Второй ребенок, Маргарет, была всего на год младше своей сестры. Еще круглее, чем та, с пронзительными голубыми глазами, она одаривала собеседника улыбкой, свидетельствующей о высочайшем, почти нездешнем блаженстве, достойном достигшего нирваны буддиста. Эта улыбка не покидала ее губ ни при каких обстоятельствах, и никто не в силах был обнаружить источник ее невозмутимого довольства. Она была невероятно добродушна и имела обыкновение после долгого мечтательного молчания отпускать уморительные и при этом совершенно невинные замечания. Это все, что нам пока о ней известно.

Природа, начисто лишившая Маргарет пылкости и самолюбия, отличавших ее старшую сестру, казалось, решила отыграться, соорудив характер третьей девочки исключительного из вышеназванного материала. Надо полагать, первые год или два своего существования она большую часть времени пронзительно орала, и у гостей складывалось впечатление, что она так и была создана с широко открытым ртом и легионом бесов внутри. Но, поскольку старшие сестры переболели тем же, хоть и в смягченной форме, взрослые вели себя с ребенком спокойно и внимательно, и первые шумные годы благополучно остались в прошлом, не сказавшись на здоровье и характере девочки. Вскоре, однако же, обнаружилось, что она была настоящей фурией. Ее неистовство принимало самые непредсказуемые формы, столь же необузданные, сколь и своеобразные. Одно время она вела себя совсем как дикая кошка, готовая наброситься на всякого, кто ненароком задевал ее, – визжала, царапалась и кусалась, словно защищая свою жизнь. И хотя этот бурный период также вскоре миновал, он не прошел бесследно, о чем временами напоминал взгляд, нет-нет да и вспыхивавший колючим огнем. Ее огромные глаза даже в детстве были совершенно необыкновенными. Не лазурно-голубые, как у Маргарет, и не глубокие темно-синие, как у Кэтрин, но серо-зеленые, они то заволакивались серо-голубым туманом, то сверкали бешеными бледно-зелеными искрами, отражая тысячами оттенков стремительные перемены настроения своей обладательницы. В какой-то момент ею вдруг овладела неуемная страсть к проказам – особенно она любила запирать двери и прятать ключи; но и это со временем прошло. Затем она приобрела безумную привычку убегать и теряться. Четырежды отправлялись ее искать и находили в одном случае на улицах Лондона, в трех других – за городом, на голых и безлюдных холмах, излюбленном месте ее игр.
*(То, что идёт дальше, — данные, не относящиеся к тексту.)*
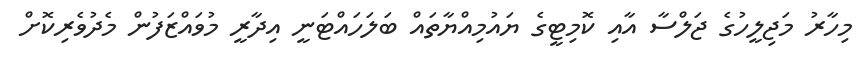
މިހާރު މަޖިލީހުގެ ޖަލްސާ އާއި ކޮމިޓީގެ ޔައުމިއްޔާތައް ބަލަހައްޓަނީ އިދާރީ މުވައްޒަފުން މެދުވެރިކޮށް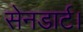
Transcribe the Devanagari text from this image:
सेनडार्ट।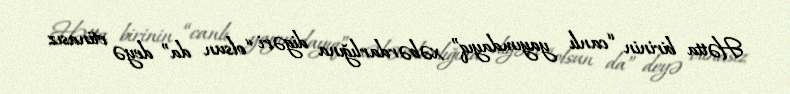
Hətta birinin “canlı yayımdayıq” xəbərdarlığına digəri “olsun da” deyə etinasız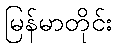
မြန်မာတိုင်း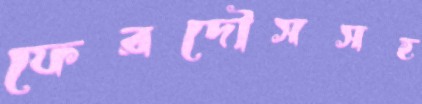
ফেরদৌসসহ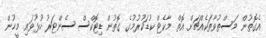
އެގޮތުން މަސްތުވާތަކެއްޗަށް އޮތް މާކެޓް ކުޑަކުުރުމުގެ ގޮތުން ޑިޓޮކްސް ސެންޓަރު ހުޅުވައި މީހުން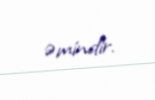
əmindir.

Сестры, на которых, ввиду литературных занятий их матушки, лежала большая часть забот по дому, тщетно пытались ее урезонить. В ней, казалось, не было ни капельки рассудительности, ни малейшей тяги к порядку или представления о долге, к которым они могли бы воззвать. К тринадцати годам Гертруда превратилась в безрассудного и насмешливого сорванца с огненно-рыжими волосами и пронзительным голосом. Как раз в это время она вступила в четвертую фазу своего развития, в некотором смысле наиболее зловещую. Она стала молчаливой, мрачной и безразличной ко всему. Весь последний год она беспрестанно хандрила.
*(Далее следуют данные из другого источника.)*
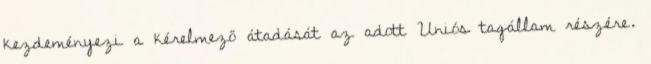
kezdeményezi a kérelmező átadását az adott Uniós tagállam részére.

Проницательные родственники были не на шутку напуганы этой переменой и гадали, чем обернется столь опасный затвор для столь несдержанной натуры. Именно в эту пору нелюдимого брожения соков, недоброе для любого ребенка время, ее стали замечать в обществе француженки Сесиль Флери, красивой и глупой девочки, чье присутствие, факт, как могло бы показаться, незначительный, знаменовало важную и страшную перемену. Никто не знал, как именно это произошло: повесть о том мизантропическом молчании никогда не была рассказана, но в одночасье Гертруда Грэй распрощалась с эдемом безмятежного детства, с его непринужденным довольством и милосердной строгостью, и сделалась обычным глупым подростком. Она вкусила заветного яблока и стала, как Сесиль, ибо познала добро и зло.